_What this task involves:_ Which lines of the data hold the word "turn"? Copy all of them.

<<<<

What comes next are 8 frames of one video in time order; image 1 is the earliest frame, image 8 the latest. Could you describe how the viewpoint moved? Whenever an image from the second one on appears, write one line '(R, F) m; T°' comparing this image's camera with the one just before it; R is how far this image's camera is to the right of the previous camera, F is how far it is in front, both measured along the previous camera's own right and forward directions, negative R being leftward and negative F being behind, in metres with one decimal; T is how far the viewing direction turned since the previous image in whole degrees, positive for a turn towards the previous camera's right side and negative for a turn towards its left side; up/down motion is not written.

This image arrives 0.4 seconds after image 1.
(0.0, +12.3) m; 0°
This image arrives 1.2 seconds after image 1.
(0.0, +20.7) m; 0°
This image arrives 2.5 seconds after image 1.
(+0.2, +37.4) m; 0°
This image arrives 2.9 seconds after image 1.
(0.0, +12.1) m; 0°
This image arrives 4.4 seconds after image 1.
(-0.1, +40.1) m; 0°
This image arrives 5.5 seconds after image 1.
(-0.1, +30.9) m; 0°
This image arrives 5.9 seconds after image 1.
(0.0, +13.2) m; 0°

>>>>
<<<<

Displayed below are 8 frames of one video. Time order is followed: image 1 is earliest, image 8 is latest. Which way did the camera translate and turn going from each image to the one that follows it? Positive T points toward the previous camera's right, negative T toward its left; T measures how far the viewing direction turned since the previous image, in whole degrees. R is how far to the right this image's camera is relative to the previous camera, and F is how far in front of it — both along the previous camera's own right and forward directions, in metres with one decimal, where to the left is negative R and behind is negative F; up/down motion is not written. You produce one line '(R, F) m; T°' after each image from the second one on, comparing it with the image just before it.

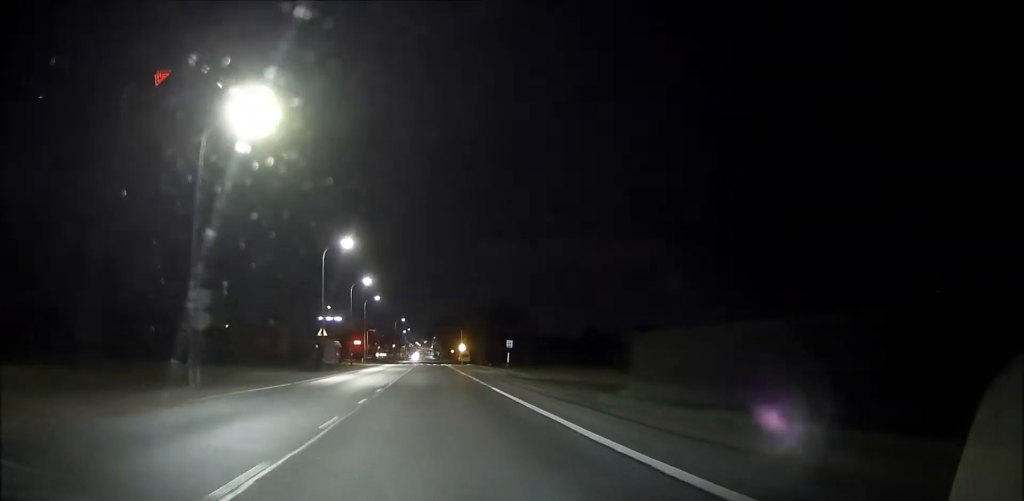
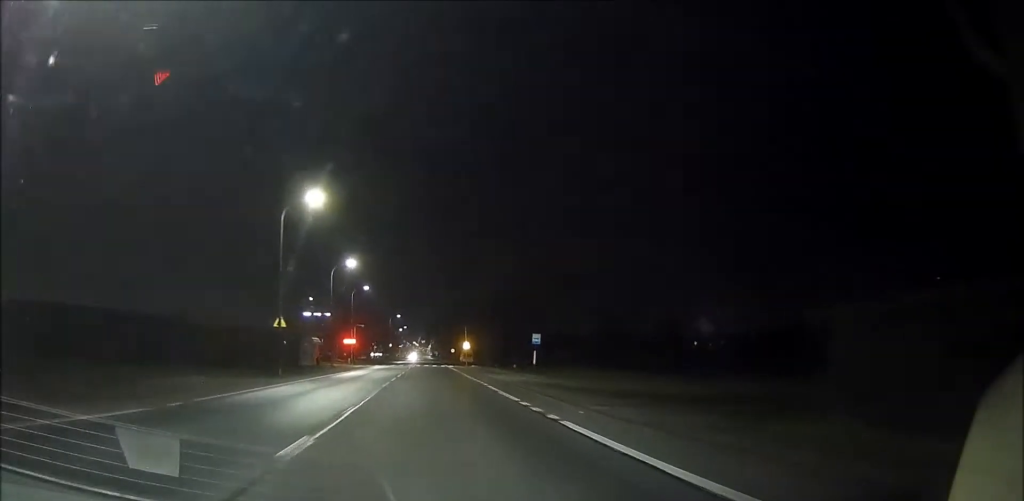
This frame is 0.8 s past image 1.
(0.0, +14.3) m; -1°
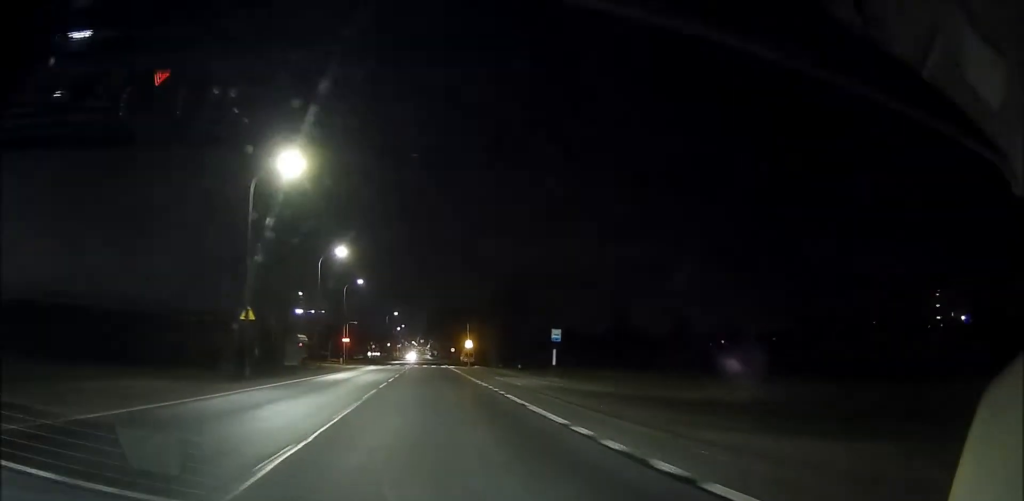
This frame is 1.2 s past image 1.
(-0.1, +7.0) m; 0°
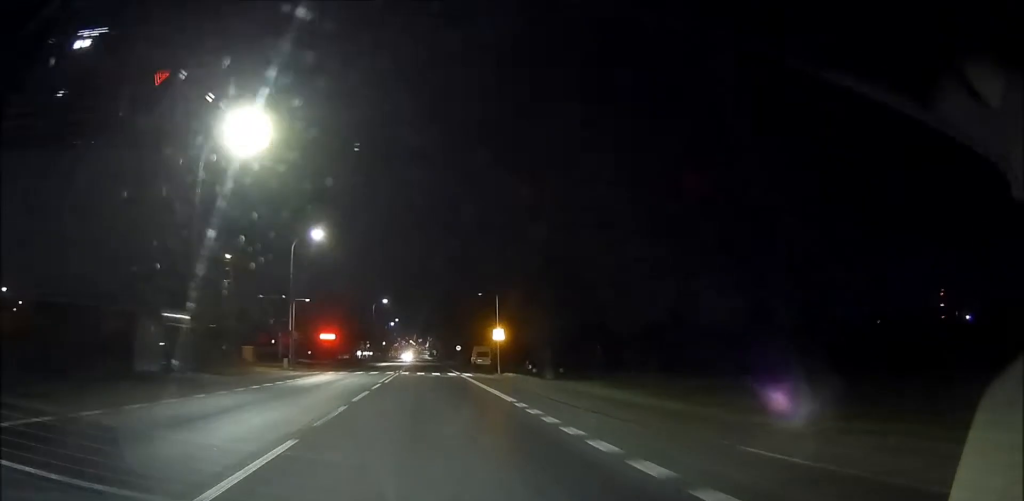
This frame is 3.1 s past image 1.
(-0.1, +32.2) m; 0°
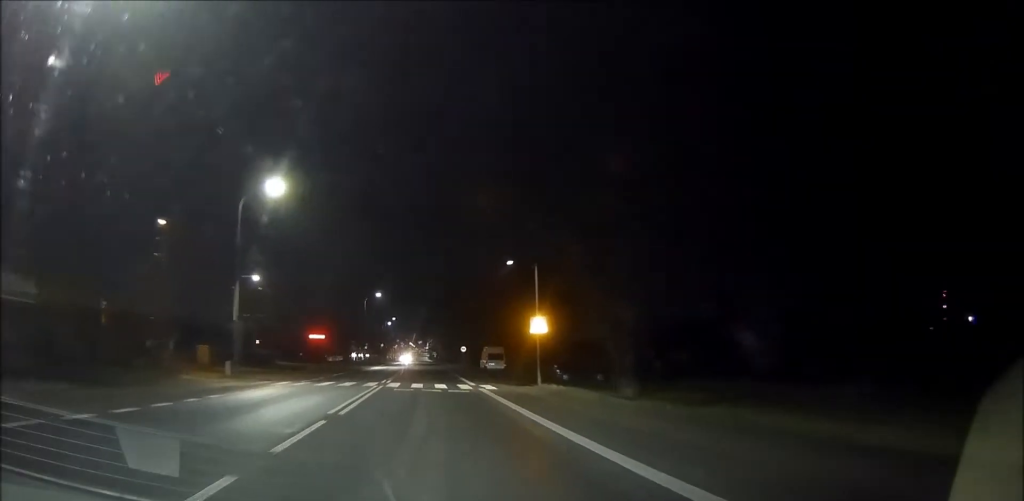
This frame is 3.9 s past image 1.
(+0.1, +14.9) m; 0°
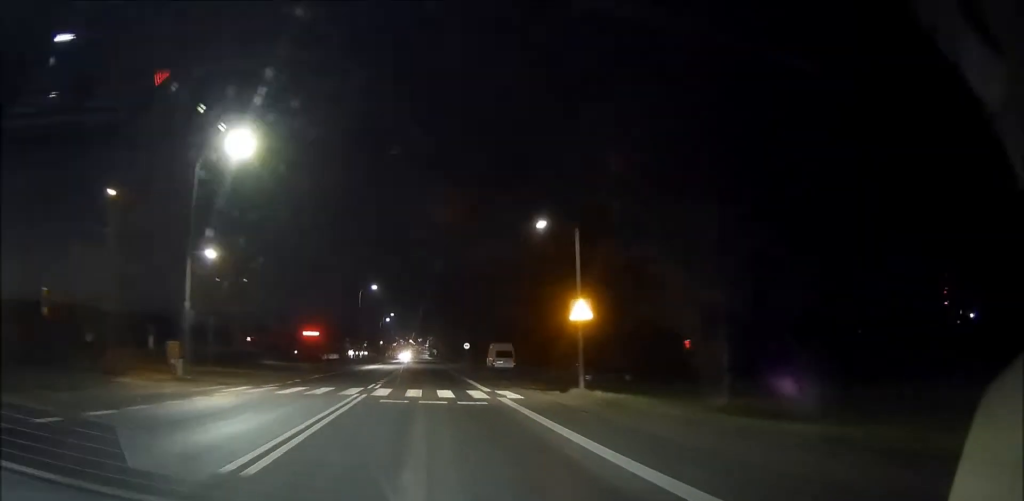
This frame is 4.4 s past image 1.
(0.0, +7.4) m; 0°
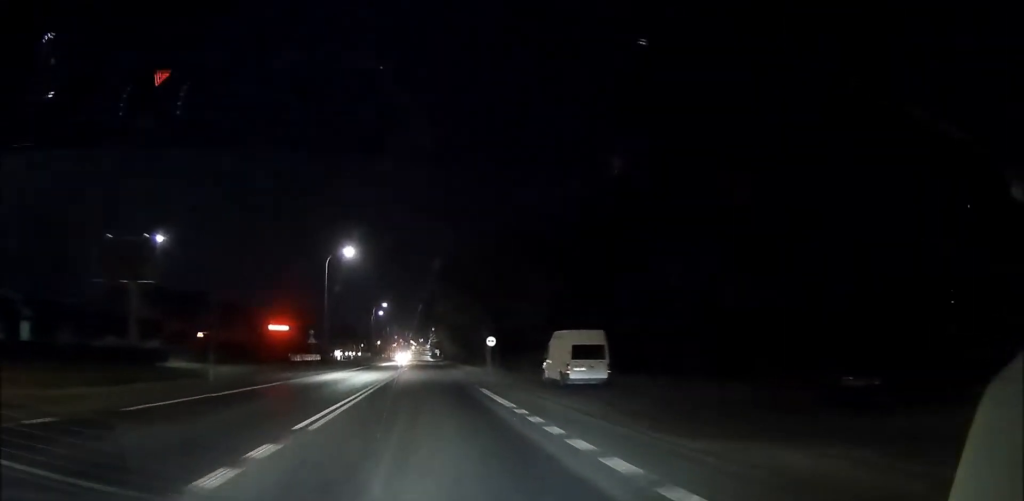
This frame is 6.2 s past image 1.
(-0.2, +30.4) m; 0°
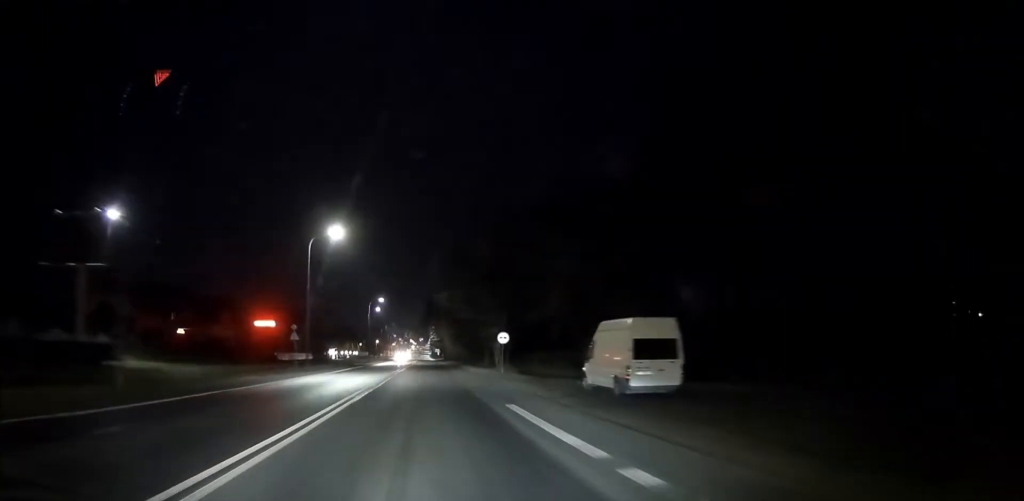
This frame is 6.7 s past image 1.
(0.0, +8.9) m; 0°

>>>>

_Response area:_
What comes next are 8 frames of one video in time order; image 1 is the earliest frame, image 8 the latest. Could you describe how the viewpoint moved? Whenever an image from the second one on appears, write one line '(R, F) m; T°' comparing this image's camera with the one just before it; R is how far this image's camera is to the right of the previous camera, F is how far it is in front, both measured along the previous camera's own right and forward directions, negative R being leftward and negative F being behind, in metres with one decimal; T is how far the viewing direction turned since the previous image in whole degrees, positive for a turn towards the previous camera's right side and negative for a turn towards its left side; up/down motion is not written.
Displayed below are 8 frames of one video. Time order is followed: image 1 is earliest, image 8 is latest. Which way did the camera translate and turn going from each image to the one that follows it? Positive T points toward the previous camera's right, negative T toward its left; T measures how far the viewing direction turned since the previous image, in whole degrees. R is how far to the right this image's camera is relative to the previous camera, and F is how far in front of it — both along the previous camera's own right and forward directions, in metres with one decimal, where to the left is negative R and behind is negative F; up/down motion is not written. You produce one line '(R, F) m; T°' after each image from the second one on, comparing it with the image just before it.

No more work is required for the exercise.